Wallis created the "Mission of Hope" in Croydon in 1893 when it was called the "Haven of Hope for Homeless Little Ones". Adoption would not be regulated for another thirty years so babies could be offered for adoption with little legal oversight. The matron there would take in unmarried mothers and they had to keep to strict rules. Church attendance was expected. Wallis saw the home's role as caring for the child but also to "reform" the mother and the child. The matron was able to request to see any letters and her special permission was required before any male visitors were allowed. The mothers were expected to "help cheerfully" with caring for the babies and the necessary domestic work required to keep the home running and they were not allowed out of the home's grounds. The expectant mothers would stay at the home during the final weeks of their pregnancy and they would remain there until their child was adopted (after it had reached a weight of seven and a half pounds).

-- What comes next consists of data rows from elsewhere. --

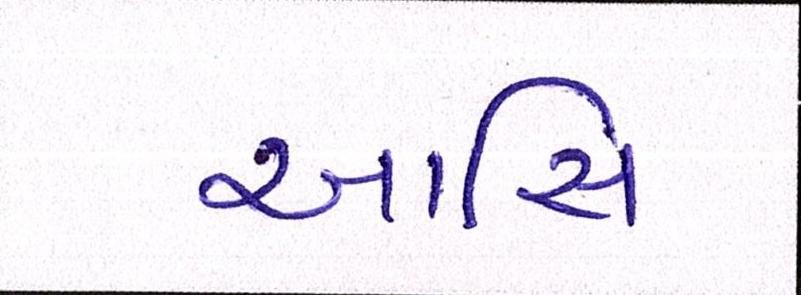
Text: આસિ
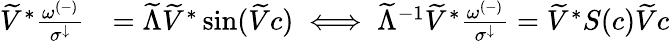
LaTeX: \begin{array}{rl}{\widetilde{V}^{*}\frac{\omega^{(-)}}{\sigma^{\downarrow}}}&{=\widetilde{\Lambda}\widetilde{V}^{*}\sin(\widetilde{V}c)\iff\widetilde{\Lambda}^{-1}\widetilde{V}^{*}\frac{\omega^{(-)}}{\sigma^{\downarrow}}=\widetilde{V}^{*}S(c)\widetilde{V}c}\end{array}
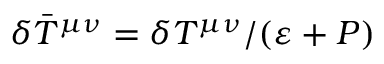
\delta \bar { T } ^ { \mu \nu } = \delta T ^ { \mu \nu } / ( \varepsilon + P )
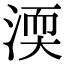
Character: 渜
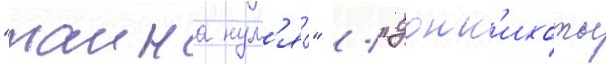
"таина нул'я́" / "донк'ихоты
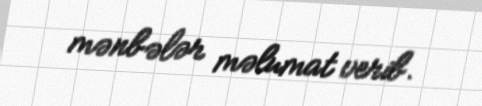
mənbələr məlumat verib.
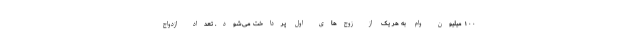
۱۰۰ میلیون وام به هر یک از زوج‌های اول پرداخت می‌شود. تعداد ازدواج
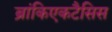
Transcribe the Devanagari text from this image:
ब्रांकिएकटैसिस
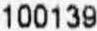
100139
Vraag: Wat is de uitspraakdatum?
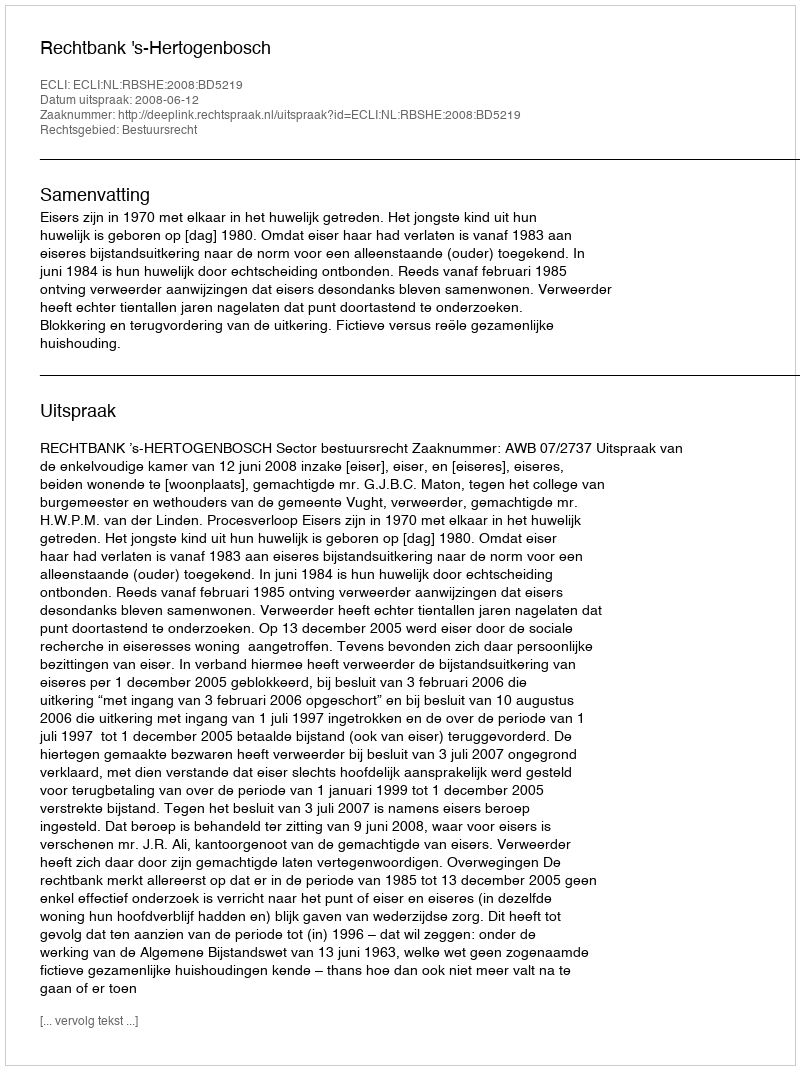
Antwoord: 2008-06-12
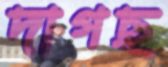
দাগছ
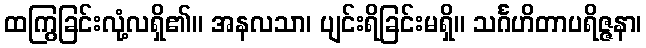
ထကြွခြင်းလုံ့လရှိ၏။ အနလသာ၊ ပျင်းရိခြင်းမရှိ။ သင်္ဂဟိတာပရိဇ္ဇနာ၊

In 1907 her charity first sent children to Canada. The first group was sent in the care of the Reverend Robert Hall and he took the children to Toronto where they stayed until they were adopted. They later sent children to Ontario. This emigration of orphans continued until the first world war. In 1913 her organisation was publishing an "Honour Roll" of the children who were now in Canada and were paying back the cost of their own emigration.

During the first world war demand was high for her charity's services. Her own daughter had joined to help in 1913 and the pair of them had to manage the debts that were created. The charity was running in the 1920s when her husband would assist by leading scripture classes. He died in 1927 and Wallis died in Croydon in the following year.